Establishing the accuracy of asteroseismic mass and radius estimates of giant stars - II. Revised stellar masses and radii for KIC 8430105

Asteroseismic scaling relations can provide high-precision measurements of mass and radius for red giant (RG) stars displaying solar-like oscillations. Their accuracy can be validated and potentially improved using independent and accurate observations of mass, radius, effective temperature and metallicity. We seek to achieve this using long period SB2 eclipsing binaries hosting oscillating RGs. We explore KIC 8430105, for which a previous study found significant asteroseismic overestimation of mass and radius when compared with eclipsing binary measurements. We measured dynamical masses and radii for both components to be significantly lower than previously established, increasing the discrepancy between asteroseismic and dynamical measurements. Our dynamical measurements of the RG component were compared to corresponding measurements of mass and radius using asteroseismic scaling relations. Uncorrected scaling relations overestimated the mass of the RG by 26 per cent, the radius by 11 per cent, and the average density by 7per cent, in agreement with studies for other systems. However, using a theoretical correction to Delta nu, we managed to obtain an asteroseismic average density that is 1 sigma consistent with our dynamical result. We obtained several measurements of nu(max) that are not fully consistent.

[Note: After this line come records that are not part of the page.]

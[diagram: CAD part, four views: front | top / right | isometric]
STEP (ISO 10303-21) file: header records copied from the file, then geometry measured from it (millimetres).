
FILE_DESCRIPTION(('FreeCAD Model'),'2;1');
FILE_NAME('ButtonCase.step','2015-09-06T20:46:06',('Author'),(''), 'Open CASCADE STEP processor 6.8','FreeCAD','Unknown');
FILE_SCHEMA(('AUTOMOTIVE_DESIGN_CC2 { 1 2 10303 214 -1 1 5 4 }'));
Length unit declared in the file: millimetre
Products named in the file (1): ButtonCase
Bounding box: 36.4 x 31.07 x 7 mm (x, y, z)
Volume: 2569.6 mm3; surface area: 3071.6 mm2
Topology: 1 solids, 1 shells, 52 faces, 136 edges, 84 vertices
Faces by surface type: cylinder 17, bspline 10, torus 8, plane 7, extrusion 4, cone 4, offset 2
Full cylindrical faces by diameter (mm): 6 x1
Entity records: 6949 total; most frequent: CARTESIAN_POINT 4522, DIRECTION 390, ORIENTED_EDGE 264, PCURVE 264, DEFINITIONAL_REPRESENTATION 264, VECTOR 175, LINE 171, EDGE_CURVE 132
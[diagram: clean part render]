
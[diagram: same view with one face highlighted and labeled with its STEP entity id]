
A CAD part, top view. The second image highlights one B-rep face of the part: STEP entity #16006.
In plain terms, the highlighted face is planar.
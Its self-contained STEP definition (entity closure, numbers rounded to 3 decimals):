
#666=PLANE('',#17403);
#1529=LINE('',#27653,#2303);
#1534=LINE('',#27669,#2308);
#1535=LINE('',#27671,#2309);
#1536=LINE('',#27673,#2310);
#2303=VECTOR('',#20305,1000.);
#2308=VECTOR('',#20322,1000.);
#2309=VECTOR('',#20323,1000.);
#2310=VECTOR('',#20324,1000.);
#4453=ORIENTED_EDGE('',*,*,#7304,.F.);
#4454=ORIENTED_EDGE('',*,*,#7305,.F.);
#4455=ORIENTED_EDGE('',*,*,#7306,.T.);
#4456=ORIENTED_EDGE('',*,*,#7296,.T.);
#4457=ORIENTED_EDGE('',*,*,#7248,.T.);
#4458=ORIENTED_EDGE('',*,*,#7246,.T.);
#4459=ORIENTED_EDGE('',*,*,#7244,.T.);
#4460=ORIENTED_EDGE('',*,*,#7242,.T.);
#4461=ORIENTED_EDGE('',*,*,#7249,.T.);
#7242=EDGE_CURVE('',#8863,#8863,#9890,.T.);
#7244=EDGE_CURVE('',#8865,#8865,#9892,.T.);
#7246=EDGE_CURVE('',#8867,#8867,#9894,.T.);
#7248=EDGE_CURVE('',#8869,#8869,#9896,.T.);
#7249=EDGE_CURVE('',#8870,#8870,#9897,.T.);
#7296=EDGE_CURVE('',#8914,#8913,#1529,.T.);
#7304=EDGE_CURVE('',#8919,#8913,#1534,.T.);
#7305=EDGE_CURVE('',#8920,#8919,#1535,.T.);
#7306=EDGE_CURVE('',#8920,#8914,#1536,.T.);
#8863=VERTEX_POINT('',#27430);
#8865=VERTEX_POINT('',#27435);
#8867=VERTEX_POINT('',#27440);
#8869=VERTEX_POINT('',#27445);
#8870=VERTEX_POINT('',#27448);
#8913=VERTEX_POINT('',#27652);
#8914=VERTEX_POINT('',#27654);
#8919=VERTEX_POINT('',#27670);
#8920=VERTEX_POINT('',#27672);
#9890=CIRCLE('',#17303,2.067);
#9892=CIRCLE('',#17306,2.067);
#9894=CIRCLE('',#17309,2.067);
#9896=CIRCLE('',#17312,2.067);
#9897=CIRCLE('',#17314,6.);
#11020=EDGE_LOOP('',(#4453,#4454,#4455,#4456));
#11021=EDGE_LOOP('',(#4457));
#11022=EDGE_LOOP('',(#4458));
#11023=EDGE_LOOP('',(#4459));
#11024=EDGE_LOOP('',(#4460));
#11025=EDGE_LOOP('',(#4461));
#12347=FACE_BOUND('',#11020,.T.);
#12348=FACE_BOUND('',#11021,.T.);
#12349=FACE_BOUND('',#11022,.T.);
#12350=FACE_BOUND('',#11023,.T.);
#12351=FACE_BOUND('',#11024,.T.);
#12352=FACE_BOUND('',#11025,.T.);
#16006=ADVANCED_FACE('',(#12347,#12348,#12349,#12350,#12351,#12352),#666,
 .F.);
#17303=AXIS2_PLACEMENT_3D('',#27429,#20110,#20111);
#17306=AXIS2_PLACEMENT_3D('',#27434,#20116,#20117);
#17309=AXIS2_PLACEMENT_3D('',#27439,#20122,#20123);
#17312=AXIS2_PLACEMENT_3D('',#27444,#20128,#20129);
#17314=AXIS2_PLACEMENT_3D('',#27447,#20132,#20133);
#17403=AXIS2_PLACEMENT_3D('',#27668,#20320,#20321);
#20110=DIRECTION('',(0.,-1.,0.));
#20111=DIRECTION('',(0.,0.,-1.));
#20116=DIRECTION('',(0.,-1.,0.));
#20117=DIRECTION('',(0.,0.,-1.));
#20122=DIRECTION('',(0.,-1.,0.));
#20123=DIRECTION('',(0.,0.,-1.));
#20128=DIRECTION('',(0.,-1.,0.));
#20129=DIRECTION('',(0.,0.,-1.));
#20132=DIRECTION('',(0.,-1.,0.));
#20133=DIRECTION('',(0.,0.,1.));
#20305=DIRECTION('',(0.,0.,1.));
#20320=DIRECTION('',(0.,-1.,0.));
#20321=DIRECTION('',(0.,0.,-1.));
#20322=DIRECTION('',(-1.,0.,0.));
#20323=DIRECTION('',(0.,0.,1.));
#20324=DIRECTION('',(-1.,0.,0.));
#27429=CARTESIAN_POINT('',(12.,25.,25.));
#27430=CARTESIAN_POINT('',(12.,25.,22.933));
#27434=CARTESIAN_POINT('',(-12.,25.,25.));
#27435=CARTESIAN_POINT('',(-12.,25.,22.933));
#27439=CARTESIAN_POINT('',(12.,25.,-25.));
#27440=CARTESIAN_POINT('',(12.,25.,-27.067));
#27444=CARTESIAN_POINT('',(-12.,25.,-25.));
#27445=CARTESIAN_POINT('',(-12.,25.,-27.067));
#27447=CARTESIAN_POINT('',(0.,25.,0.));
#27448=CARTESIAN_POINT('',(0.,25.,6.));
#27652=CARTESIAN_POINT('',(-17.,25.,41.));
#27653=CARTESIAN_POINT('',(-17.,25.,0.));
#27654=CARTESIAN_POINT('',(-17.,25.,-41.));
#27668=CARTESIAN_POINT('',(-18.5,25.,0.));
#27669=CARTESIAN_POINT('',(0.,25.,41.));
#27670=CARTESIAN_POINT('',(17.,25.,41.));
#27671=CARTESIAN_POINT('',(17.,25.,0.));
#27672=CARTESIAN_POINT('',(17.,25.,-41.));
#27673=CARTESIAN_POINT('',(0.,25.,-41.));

With nu(max) = 76.78 +/- 0.81 mu Hz, the Delta nu correction provided 2 sigma consistent mass and radius for the giant. The age of the system was estimated to be 3.7 +/- 0.4 Gyr.

Automated summary

Asteroseismic scaling relations can provide high-precision measurements of mass and radius for red giant stars. This study explores the discrepancies between asteroseismic measurements and dynamical measurements in the binary system KIC 8430105. The results show that the uncorrected scaling relations overestimate the mass and radius, but a theoretical correction to Delta nu can improve the consistency between asteroseismic and dynamical measurements.